At 08:53 AM 9/18/2002 -0400, Harrington, David wrote:

>Hi Frank, 
>
>I believe it is important for existing applications to be able to continue to work with the existing mibs. As a goal, the members of the meeting seemed happy with the approach that existing mibs do not get extended with the new functionality. 
>
>If you add SMIv2-incompatible extensions to existing mibs, then they may not work properly unless the applications are modified; if they require modification to understand when n>1 then they are no longer the existing applications.
>
>Andy's proposal for OID indexing to n>1 levels was also found to be a reasonable approach by the members of the meeting. I don't know what you have in mind. 
>
>I don't mind supporting such a thing if it would be not delay the development of SMIv3, and would be easy to understand for human mib readers and mib writers. 
>
>I certainly see that mib-writers working on existing SMIv2 mibs could easily make a mistake of adding an SMIv3 feature to an SMIv2 mib and cause problems for existing applications. A solution as simple as "an SNMPv1 agent doesn't recognize Counter64 typed objects for an SNMPv1 request" would suit me.

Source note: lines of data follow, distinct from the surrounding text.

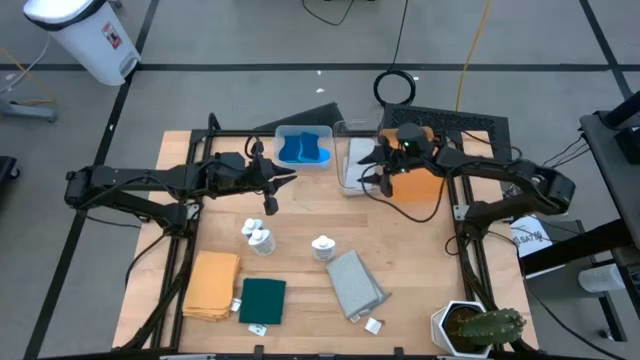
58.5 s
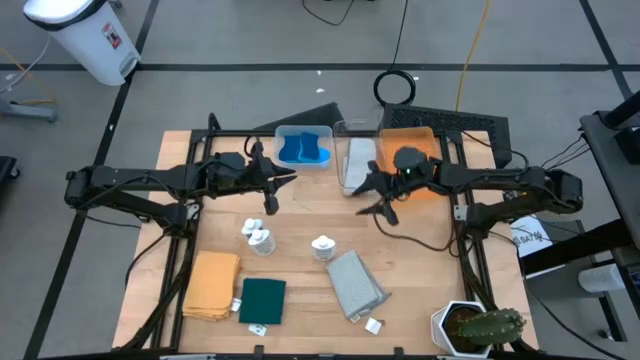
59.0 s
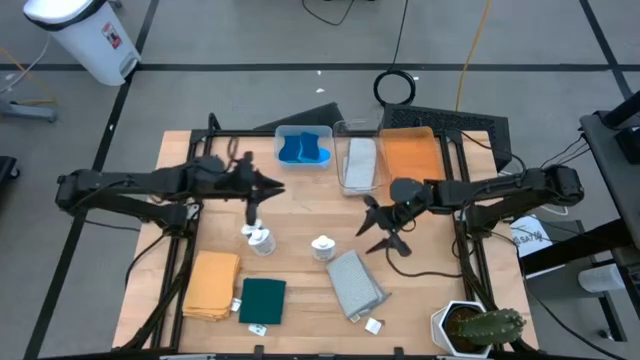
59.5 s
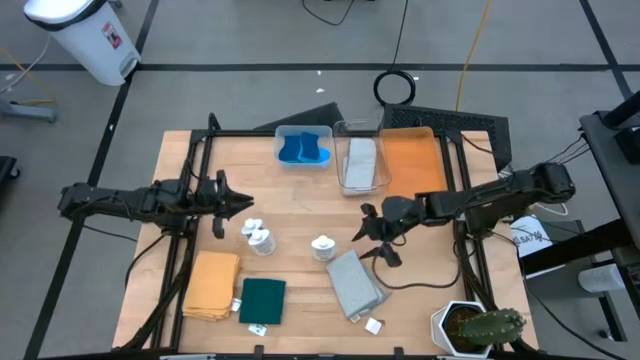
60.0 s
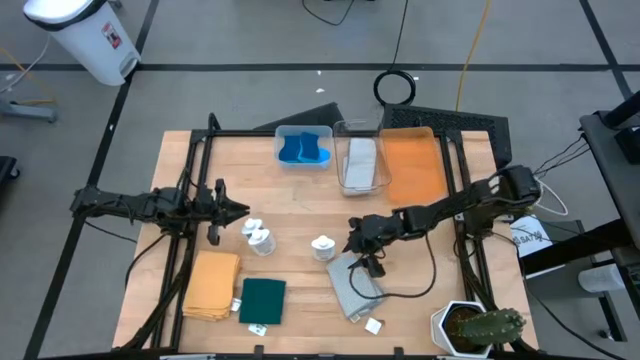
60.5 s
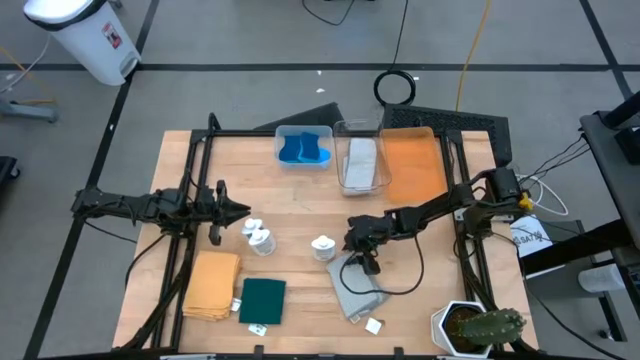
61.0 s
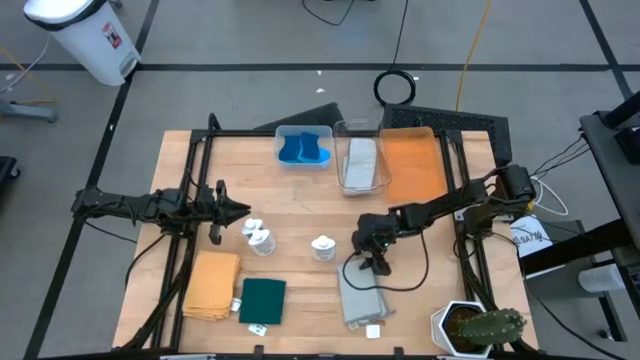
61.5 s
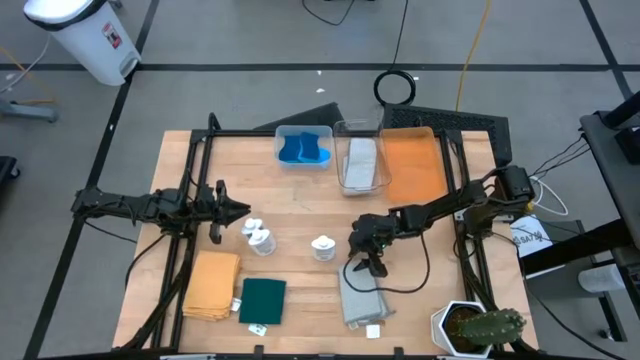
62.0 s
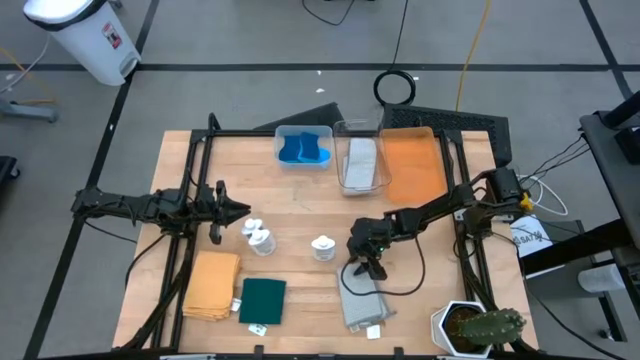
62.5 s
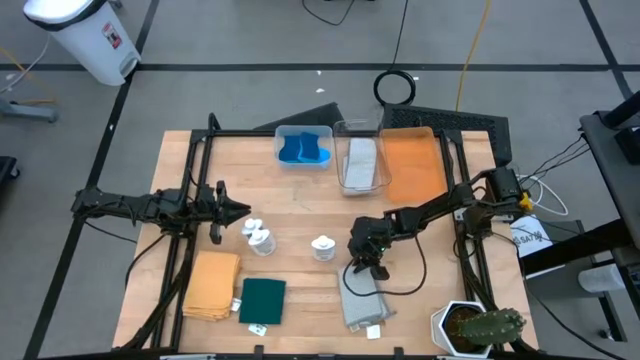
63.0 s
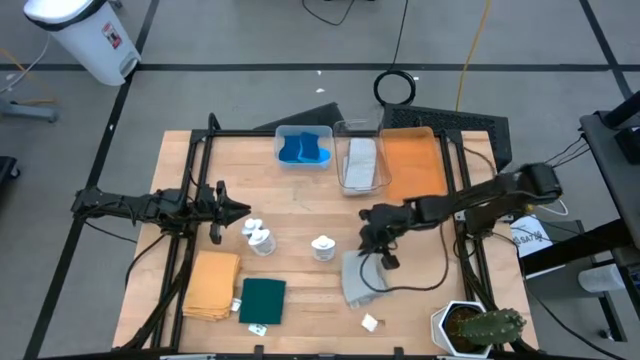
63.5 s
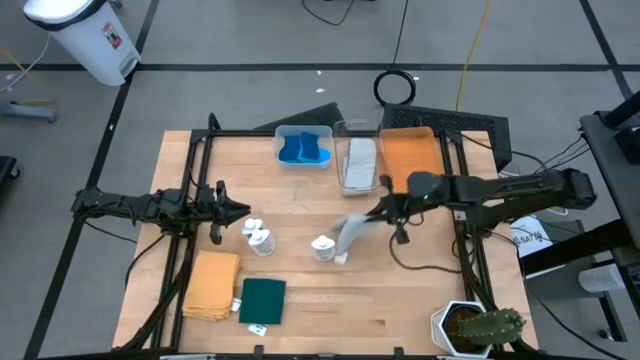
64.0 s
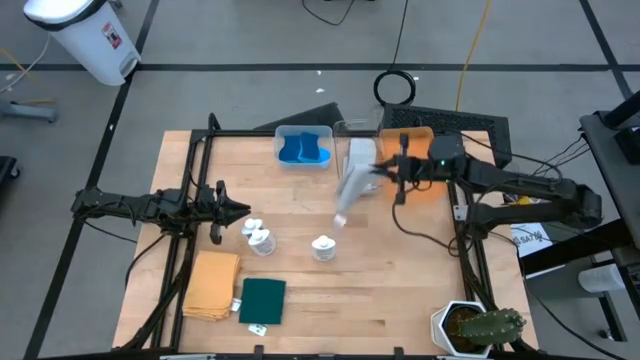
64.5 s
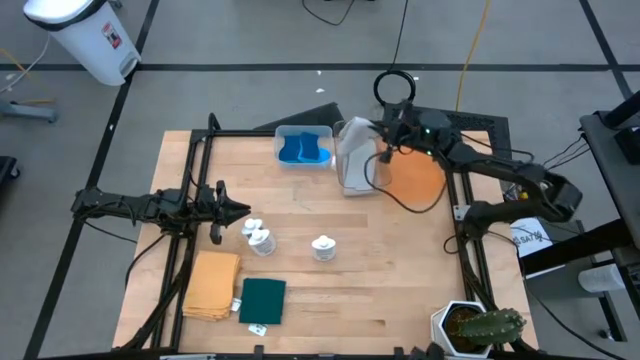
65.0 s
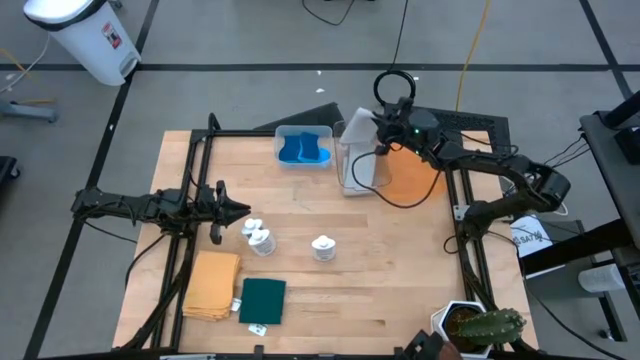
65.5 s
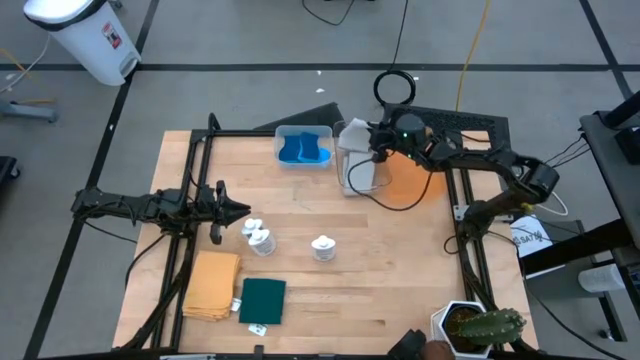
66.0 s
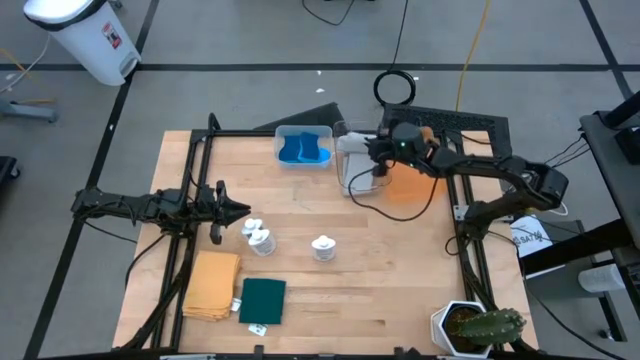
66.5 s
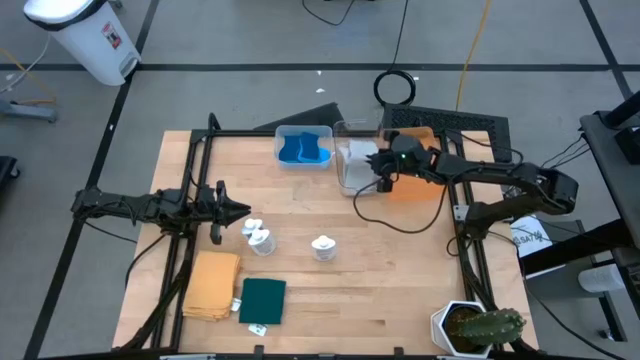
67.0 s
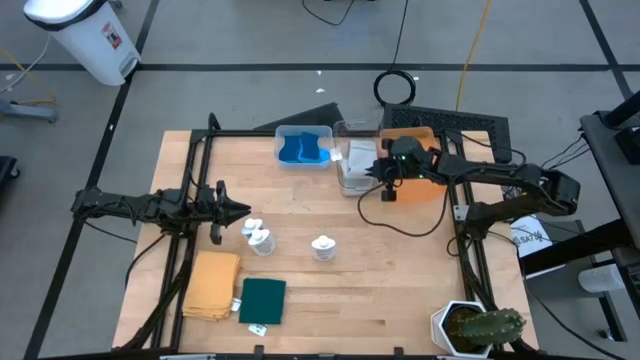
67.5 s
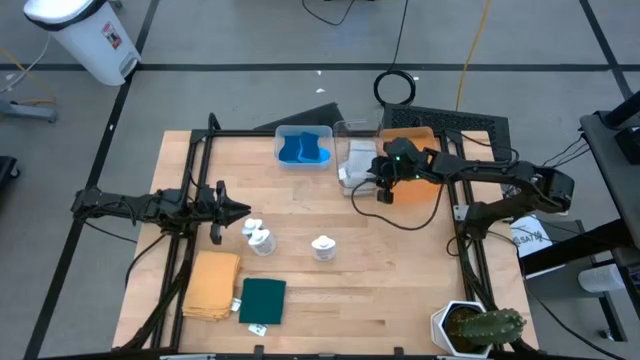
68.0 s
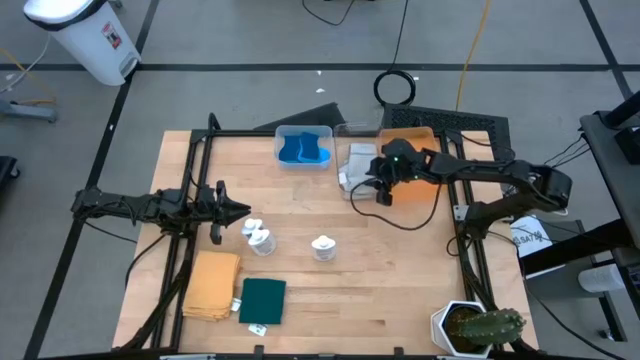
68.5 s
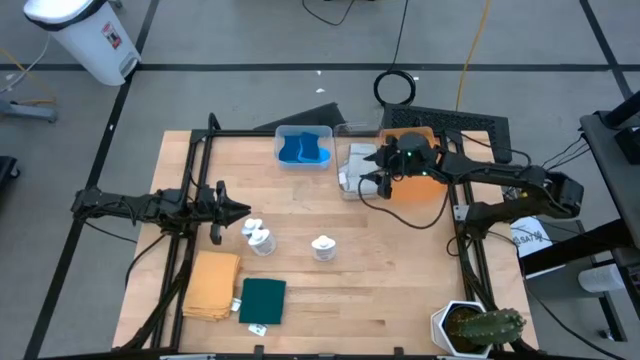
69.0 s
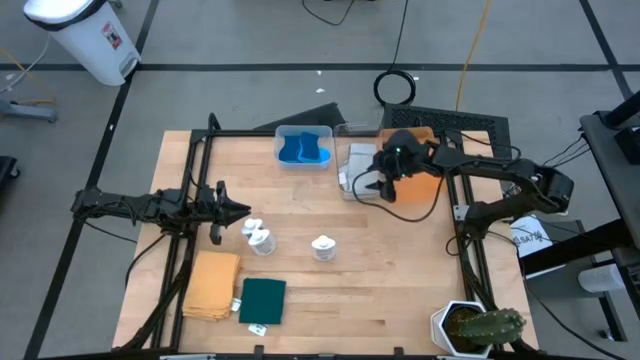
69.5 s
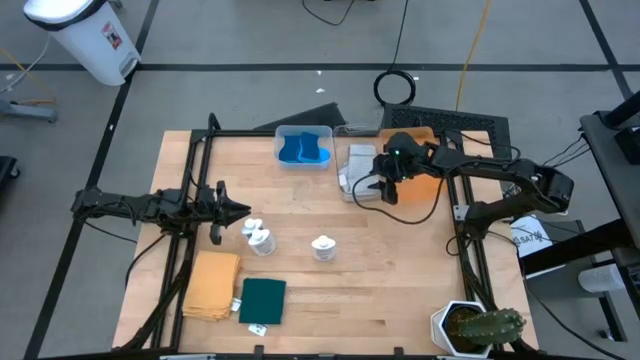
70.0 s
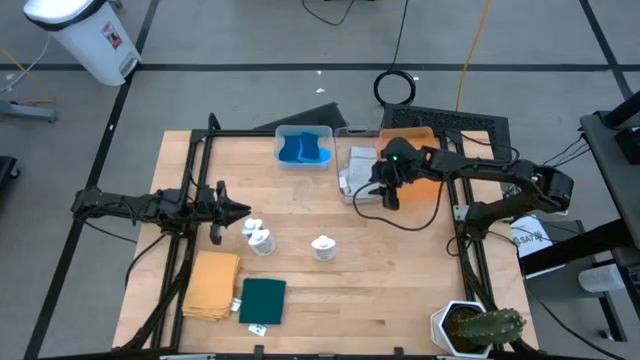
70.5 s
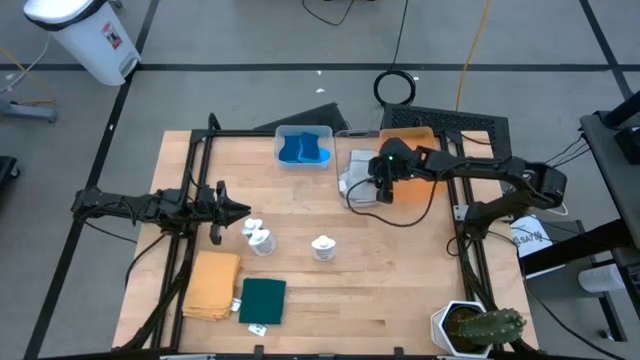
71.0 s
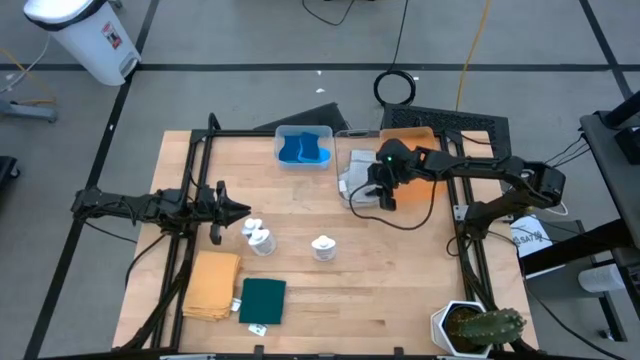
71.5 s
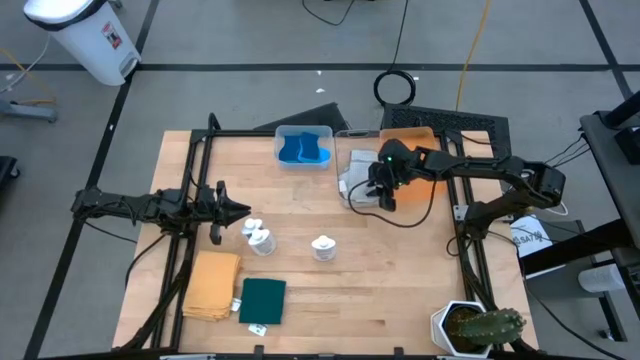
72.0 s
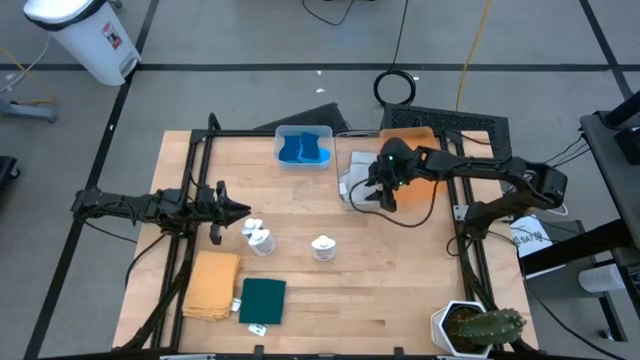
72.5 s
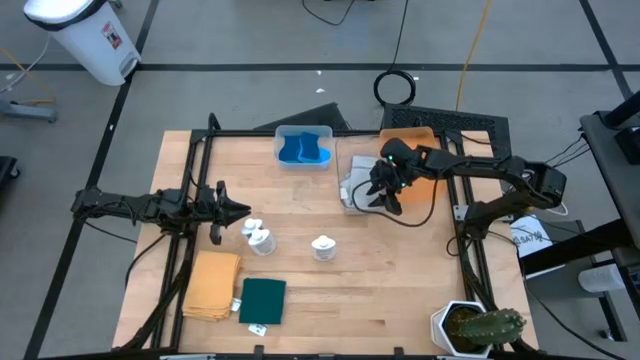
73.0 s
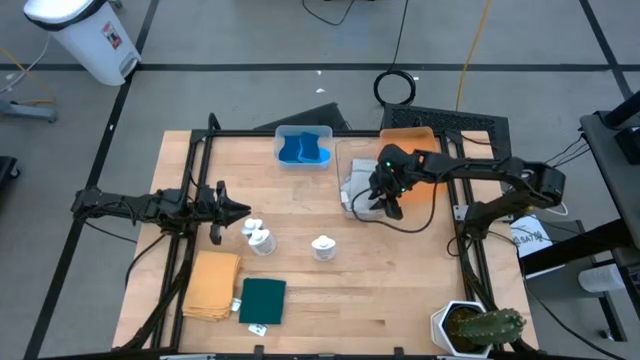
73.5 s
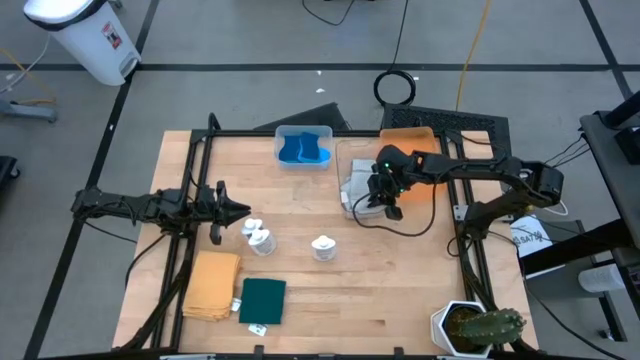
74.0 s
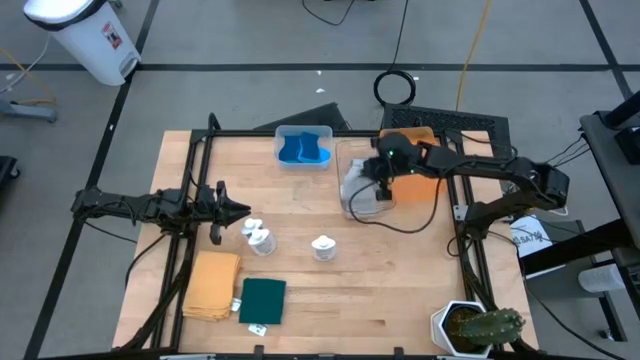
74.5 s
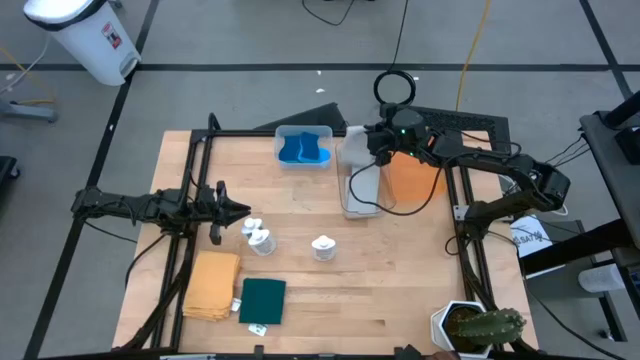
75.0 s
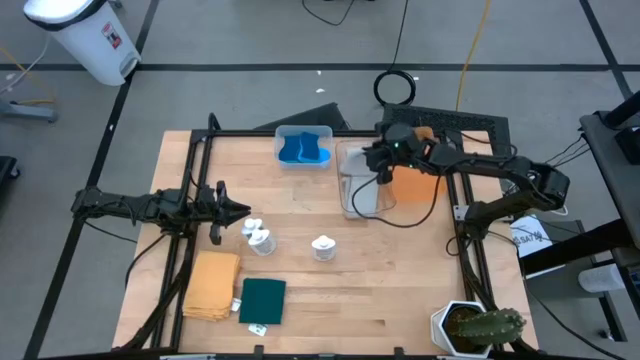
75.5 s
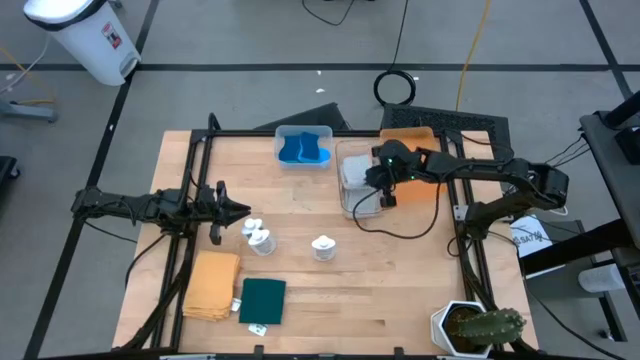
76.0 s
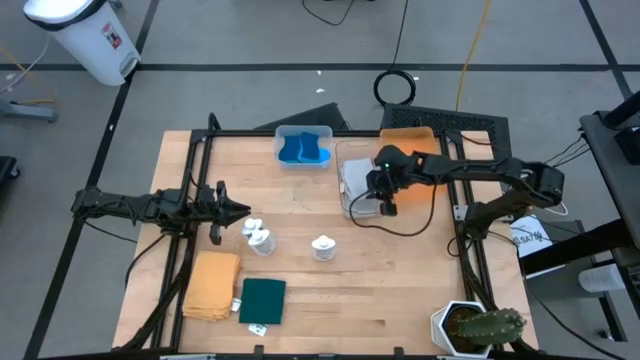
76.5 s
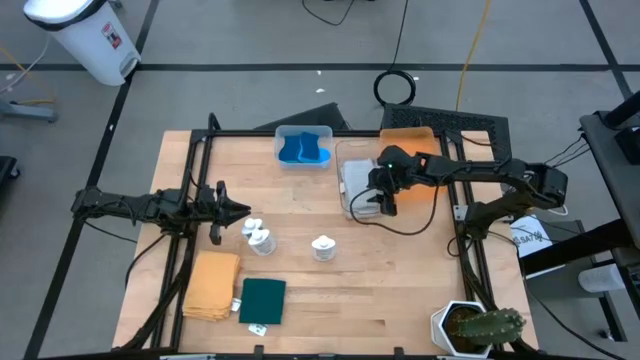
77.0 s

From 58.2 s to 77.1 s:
Task: Pick & Place Kitchen Items
Put the gray towel into the transparent bin

It shouldn't be that hard. First of all, SMIv3 would not prohibit
a MIB designer from adding more nesting to the converted version
of an SMIv2 table.  This would be a policy decision to minimize
the impact on existing tools and applications, during a transition
period from SMIv2 to SMIv3.  We used the same sort of policy 
during the transition period from SMIv1 to SMIv2, if you remember.
The simple rule for SMIv3 would be "Only SCALAR data types can
be added to an ARRAY which represents a converted SMIv2 table."

The new SMI features have to be defined before they are deployed
in tools and applications.  We should define features that actually
advance the state of the art. We don't have to use them on Day One.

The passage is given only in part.